Still, it would have been nice to be able to tell him he was wrong.
‘Deep in thought?’ asked a resonant voice behind her.
Tea sloshed over the rim of the cup and splashed on her hand. ‘Oh, Dillon, hi,’ she said, switching hands and shaking her fingers.
‘Sorry,’ he said with a grin, as he fossicked in a cupboard for his mug. ‘I didn’t mean to startle you.’
She smiled back despite the sting in her fingers. Impossible not to return a grin like Dillon’s really, not when it came gift wrapped in a tall, dark and square-jawed twenty-something footballer package. No wonder all the pretty young things had sat up and taken notice when he’d joined the firm a few months back.
‘You caught me lost in the hidden delights of self-managed superannuation funds.’ Which was only a tiny white lie.

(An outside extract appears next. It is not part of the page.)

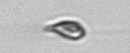
Label: Cryptophyta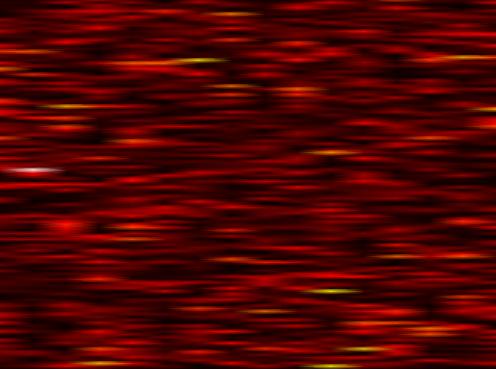
Label: WOLA

He cocked an eyebrow as he reached for a coffee capsule. ‘There are hidden delights in self-managed super funds?’
‘No,’ she said. ‘Sorry, I just made that up.’
‘Damn. And there was me about to ask for a transfer from insolvency to come play in your superannuation sand pit.’
She laughed. This day was getting better and better. She knew better than to think Dillon was flirting with her—she had something like a decade on him and he was clearly just a natural-born charmer. But right now she felt like being charmed. It had been too long since she’d felt so light-hearted. She sipped her tea. ‘So, how are you settling in to FRL then?’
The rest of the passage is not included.